Graphic of new Nutrition Facts label (FDA)

The nutrition facts label needs no introduction because if you have bought food in the last 20 years in the U.S., you have seen one. Unfortunately, you (and many others) may not have been able to make sense of it. The current nutrition facts label is notoriously obtuse and difficult to understand. On Friday, May 20th 2016 it was announce that the FDA has finalized the changes to this label that they have been working on for the past two years. The updated nutrition facts label includes a few much needed changes. Let’s take a look:

Updated Nutrition Facts Label Changes

Serving Size

Old Rules: Companies made up whatever serving size they wanted. This allowed for some interesting claims. For instance, spray cooking oils sometimes claimed 0 calories per serving. They simply defined a serving as 1/3 of a second spray.

New Rules: Servings must be representative of what people are actually eating as a serving. I believe this is based on USDA survey data. It will be interesting to see if the serving size on Lay’s Sour Cream and Cheddar chips is “the whole damn bag.”

Servings Per Container

Old Rules: Again, companies could do pretty much whatever they wanted with the servings.

New Rules: There are two significant changes here: If a package could reasonably be considered either a single serving or multiple servings (like a pint of ice cream), the label will have two columns with the amounts listed for both situations. That’s helpful. If a package is a size that falls in between one and two servings (like a 20 oz drink), it must be labeled as one serving.


Old Rules: The calorie information was listed in the same size type as other nutrient info.

New Rules: The calories listing will be huge and bold.

Added Sugars

Old Rules: This category is new. Currently food manufactures do not have to distinguish between the sugars that naturally occur in a food and the sugar that has been added.

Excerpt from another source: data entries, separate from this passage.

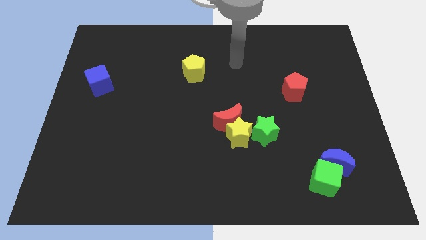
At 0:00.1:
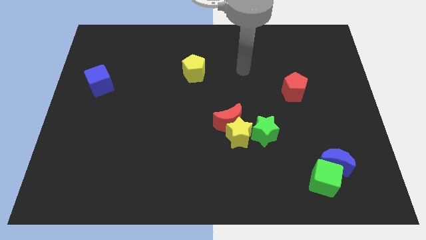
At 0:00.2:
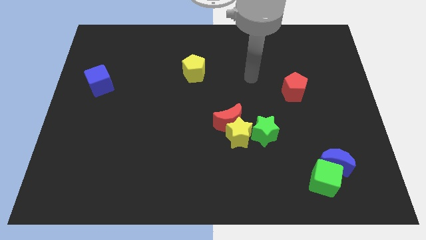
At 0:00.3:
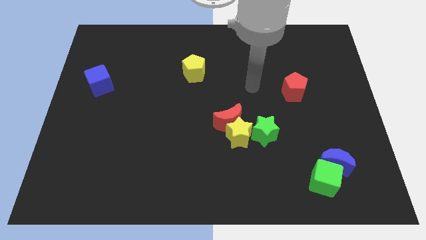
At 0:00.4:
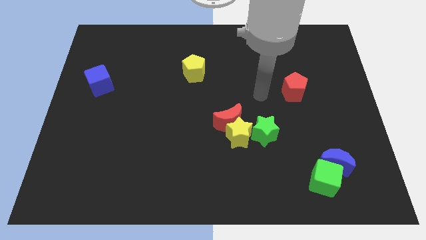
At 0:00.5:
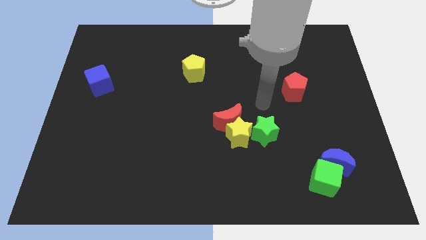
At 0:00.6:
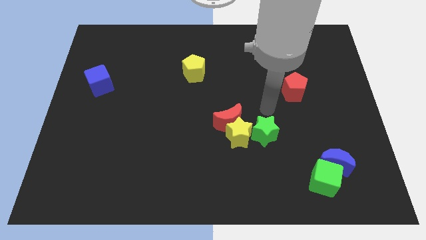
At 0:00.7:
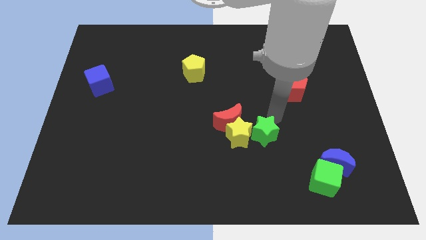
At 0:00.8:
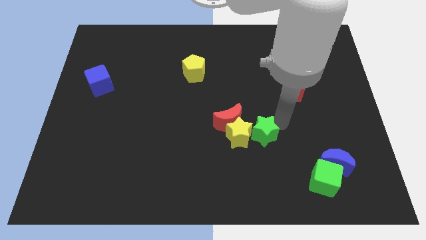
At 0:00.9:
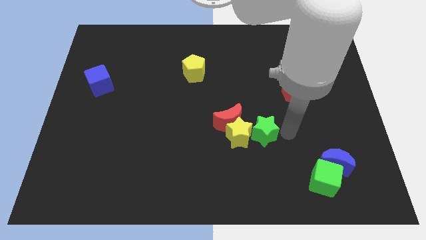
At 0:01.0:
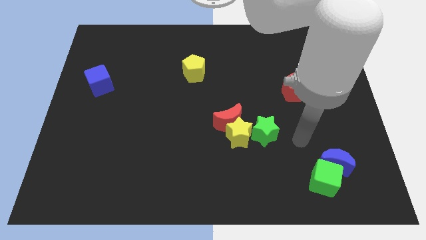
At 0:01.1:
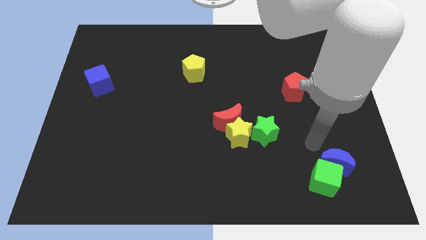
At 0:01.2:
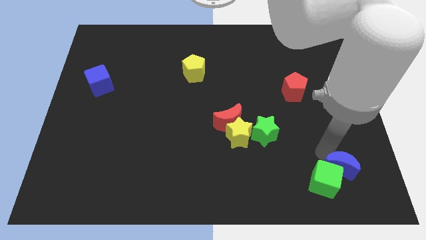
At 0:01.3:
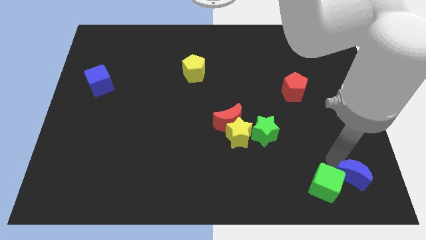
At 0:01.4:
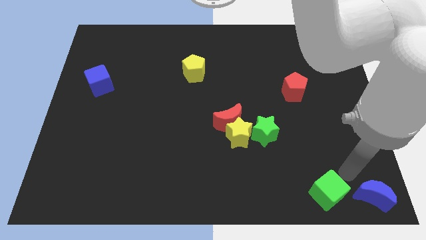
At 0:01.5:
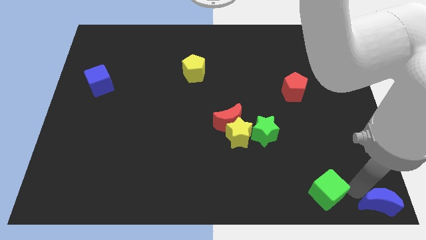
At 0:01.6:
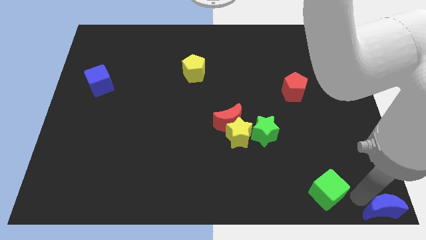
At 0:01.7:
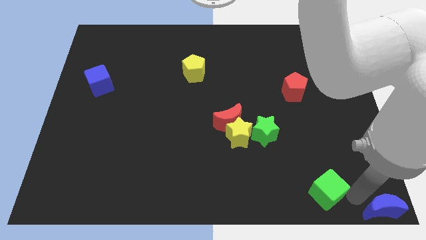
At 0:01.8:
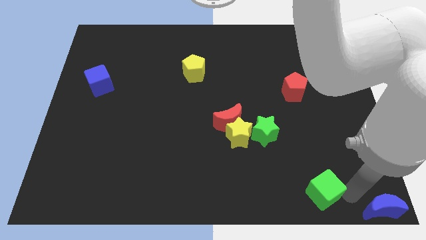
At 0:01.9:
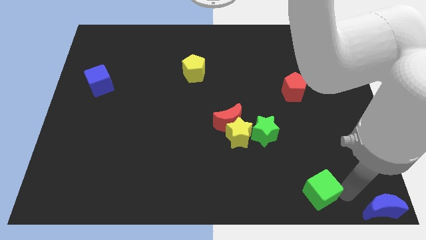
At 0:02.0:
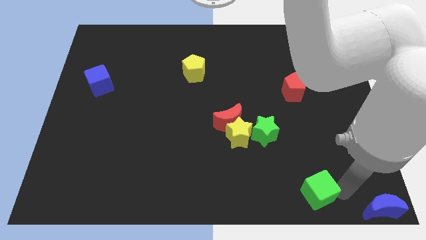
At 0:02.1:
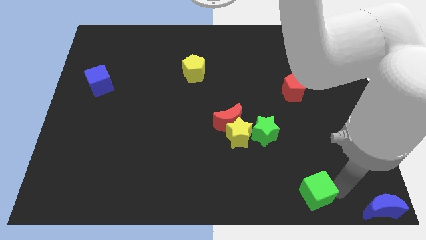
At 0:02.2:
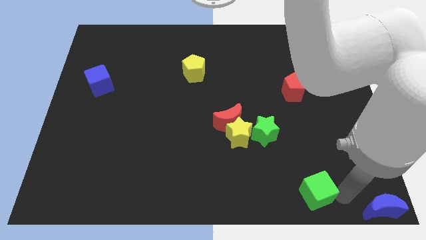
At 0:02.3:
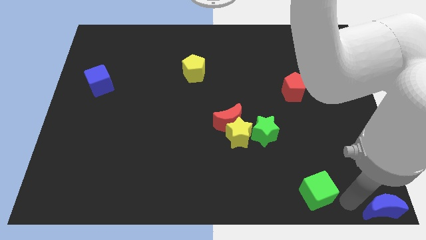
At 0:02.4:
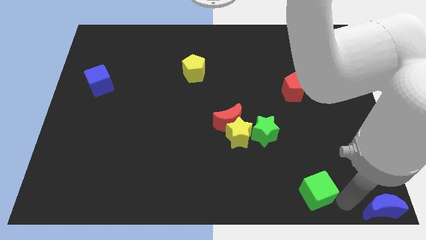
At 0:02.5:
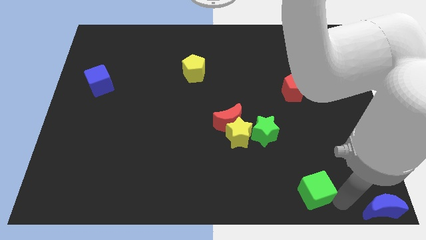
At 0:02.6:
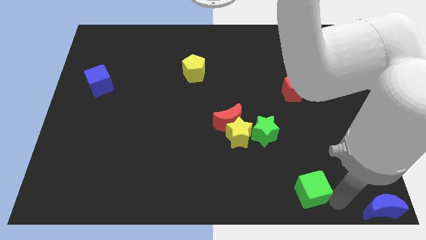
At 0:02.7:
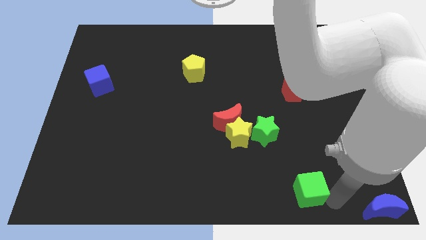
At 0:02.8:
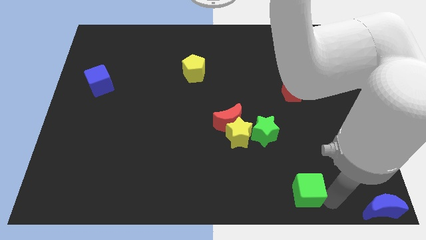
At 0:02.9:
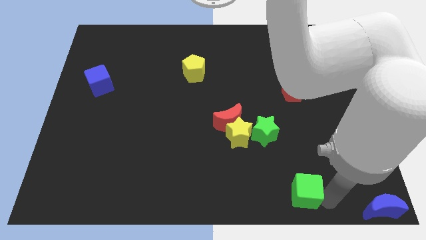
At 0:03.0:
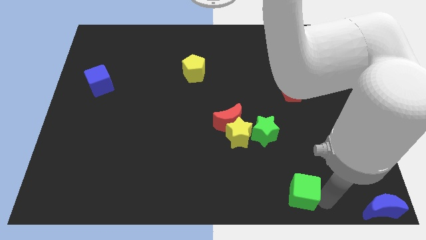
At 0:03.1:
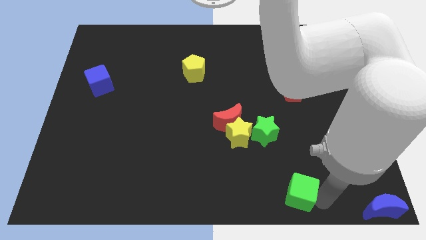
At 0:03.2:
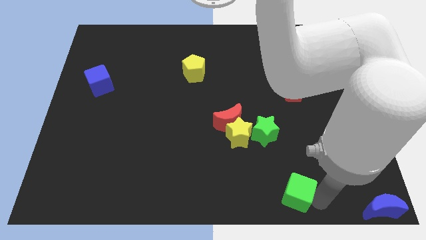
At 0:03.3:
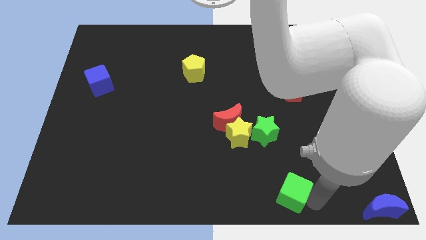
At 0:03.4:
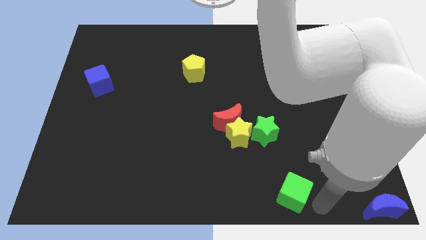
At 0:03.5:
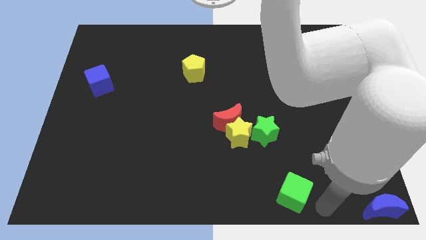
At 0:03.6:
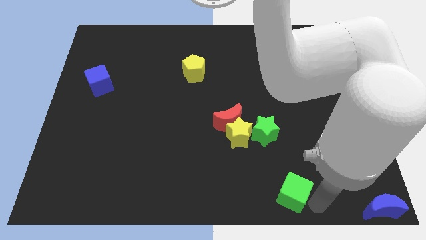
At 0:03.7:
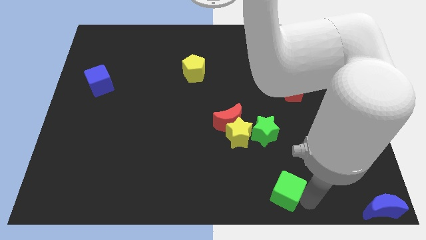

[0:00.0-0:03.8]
move the green cube slightly left

New Rules: The amount, in grams and percent daily value, of added sugar in a product must be listed. On a personal note, I’m pretty excited that this one made it through the industry-funded lobbying gauntlet.

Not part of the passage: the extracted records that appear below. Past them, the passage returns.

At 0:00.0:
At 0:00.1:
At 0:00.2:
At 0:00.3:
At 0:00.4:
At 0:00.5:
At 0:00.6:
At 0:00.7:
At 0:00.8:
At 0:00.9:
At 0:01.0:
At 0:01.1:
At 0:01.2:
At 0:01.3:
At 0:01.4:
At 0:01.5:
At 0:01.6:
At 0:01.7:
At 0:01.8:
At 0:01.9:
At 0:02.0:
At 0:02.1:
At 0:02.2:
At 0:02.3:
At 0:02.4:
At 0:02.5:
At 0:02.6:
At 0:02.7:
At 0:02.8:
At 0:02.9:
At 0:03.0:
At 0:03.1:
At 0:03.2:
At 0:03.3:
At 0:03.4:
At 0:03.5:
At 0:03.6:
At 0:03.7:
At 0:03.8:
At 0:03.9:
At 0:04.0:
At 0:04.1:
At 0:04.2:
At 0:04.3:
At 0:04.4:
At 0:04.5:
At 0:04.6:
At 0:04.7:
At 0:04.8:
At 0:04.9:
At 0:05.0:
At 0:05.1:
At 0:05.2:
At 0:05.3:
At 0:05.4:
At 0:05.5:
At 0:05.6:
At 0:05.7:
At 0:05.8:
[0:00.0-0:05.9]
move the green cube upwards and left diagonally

Old Rules: There had to be line items for percent of calories coming from fat, grams of saturated fat, and grams of Trans fat.

New Rules: The percent of calories coming from fat is no longer required as the FDA now believes the type of fat in a diet to be more important than the percentage of total calories. I am disappointed that grams of mono- and polyunsaturated fats did not become a requirement.

Vitamins and Minerals

Old Rules: The vitamins A and C and the minerals sodium, calcium, and iron were required to be listed. Sodium had to be listed in grams and percent daily value but the rest were only listed as percent daily value.

New Rules: Vitamins A and C are gone. Deficiencies of those two are very rare nowadays. They have been replaced with vitamin D and potassium. Many people in the U.S. have low serum vitamin D levels so this makes sense. In addition to those swaps, all of the vitamins and minerals now must show their actual amount as well as percent daily value.


The recommendations for daily intake of sodium and fiber changed with the 2015-2020 Dietary Guidelines for Americans and so the percentage values on these two nutrients must change as well. Fiber increased from 25 g/day to 28 g/day and sodium decreased from 2.4 g/day to 2.3 g/day.

That’s it!

These are pretty significant changes and overall they seem like good ones. I’m curious to see if overall consumption increases because people interpret the serving sizes as being recommendations rather than representing actual consumption. I’m also disappointed that cholesterol remains on the label as it is well established that dietary cholesterol has very little influence on serum cholesterol. Oh well. One thing at a time, I suppose. Added sugars being listed is a good thing.

Look for the updated nutrition facts label to start popping up soon. It is mandatory that it be implemented by 2018 but many companies will likely start earlier.